I inevitably end up liking things that require extensive deliberation as to whether or not I like them.
@ESultanik
Evan Sultanik

I'm afraid that, given I've not yet completed my Ph.D., it will be misconstrued as boastful or, worse yet, exculpating. This is not my intention. If anything, I hope that my observations below will help others pursuing a Ph.D. to both rationalize their own situation and educate others on the process.
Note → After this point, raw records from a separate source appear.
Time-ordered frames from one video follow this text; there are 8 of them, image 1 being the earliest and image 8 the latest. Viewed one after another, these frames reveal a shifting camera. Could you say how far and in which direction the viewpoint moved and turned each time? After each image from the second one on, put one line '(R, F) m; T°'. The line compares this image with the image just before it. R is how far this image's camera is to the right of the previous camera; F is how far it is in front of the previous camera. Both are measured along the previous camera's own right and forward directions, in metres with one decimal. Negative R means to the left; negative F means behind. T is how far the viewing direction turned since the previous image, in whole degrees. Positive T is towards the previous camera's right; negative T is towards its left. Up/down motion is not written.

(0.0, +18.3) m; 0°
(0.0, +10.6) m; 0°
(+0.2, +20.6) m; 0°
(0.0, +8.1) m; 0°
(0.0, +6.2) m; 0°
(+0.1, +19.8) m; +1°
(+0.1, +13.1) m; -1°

It's been a long while since I've posted to this blog, in large part due to the fact that I've been in the throes of wrapping up my degree and hunting for a job. As such, I get a lot of questions from non-academics as to when I will finish. It seems like many people are under the impression that a Ph.D. is “what you get if you tough it out and stay in school and study a few more years after undergrad.” While this is technically true, many either don't realize or don't understand that a Ph.D.—at least in the sciences, engineering, and mathematics—requires independent research. A Ph.D. isn't earned through studying hard and passing tests. It's particularly frustrating when people see that I've been pursuing my Ph.D. for ~4 years (an average, if not short, duration for the degree) and immediately draw the conclusion that, “Since [he] hasn't graduated yet, [he] must not be studying hard enough!” Over the years, I've developed a metaphor that I give to people to explain the process:

Earning a Ph.D. is like trying to fund one's retirement through treasure hunting.
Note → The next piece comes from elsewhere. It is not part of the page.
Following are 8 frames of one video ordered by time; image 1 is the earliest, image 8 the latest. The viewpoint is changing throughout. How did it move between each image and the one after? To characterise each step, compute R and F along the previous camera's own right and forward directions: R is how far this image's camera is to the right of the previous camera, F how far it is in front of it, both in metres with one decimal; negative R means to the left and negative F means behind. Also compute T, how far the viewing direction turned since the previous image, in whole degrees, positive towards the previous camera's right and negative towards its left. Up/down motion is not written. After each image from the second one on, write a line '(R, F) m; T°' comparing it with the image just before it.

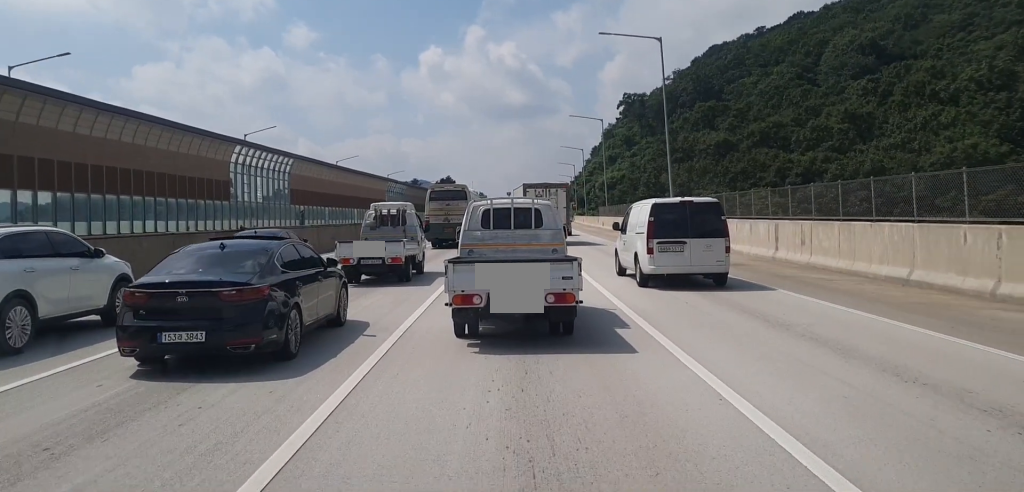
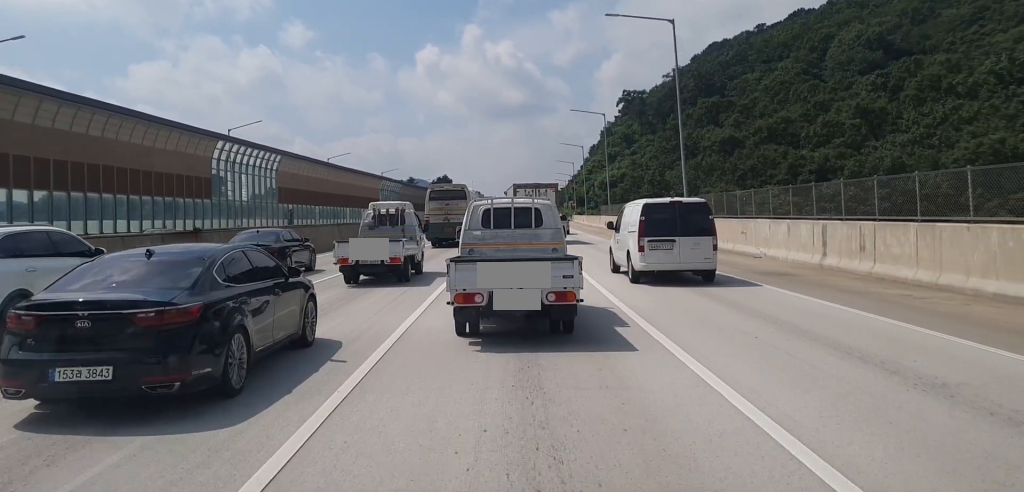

When I started my Ph.D., I had to choose a topic to study. That's like choosing a location in a vast field on which to begin digging for buried treasure. You know that the treasure is out there somewhere, but you're not sure where or how deep. This is not entirely up to chance: One's advisor(s)—experts in gold digging—do help in choosing the location, and there are ways to intelligently predict where the treasure might lie. The trouble is that one might dig for years and years and only be left with a huge pile of dirt. Worse yet, one might be only a few millimeters of soil away from the gold and not even know it. Every once in a while one might find a small nugget of gold in the dirt, egging him or her on, but there is no guarantee that one will eventually hit the mother lode. In other instances, one knows exactly where the treasure lies, but it is underneath an impenetrable rock that requires years and years of chipping away to exhume. In some cases one does find a huge treasure chest, but more often than not one's fortune is amassed from accumulation of the small nuggets. Defending one's dissertation, then, is like choosing to go into early retirement based off of one's fortune amassed from treasure hunting. Is it enough? Will I be able to support myself on what I've found so far? In order to complete one's degree, one has to defend his or her work to a committee of experts—all of whom are expert treasure hunters and, in a sense, one's competition. You have to convince them that your fortune will be enough to support yourself. And you have to do all of that without wasting too much time creating fanciful metaphors of debatable import.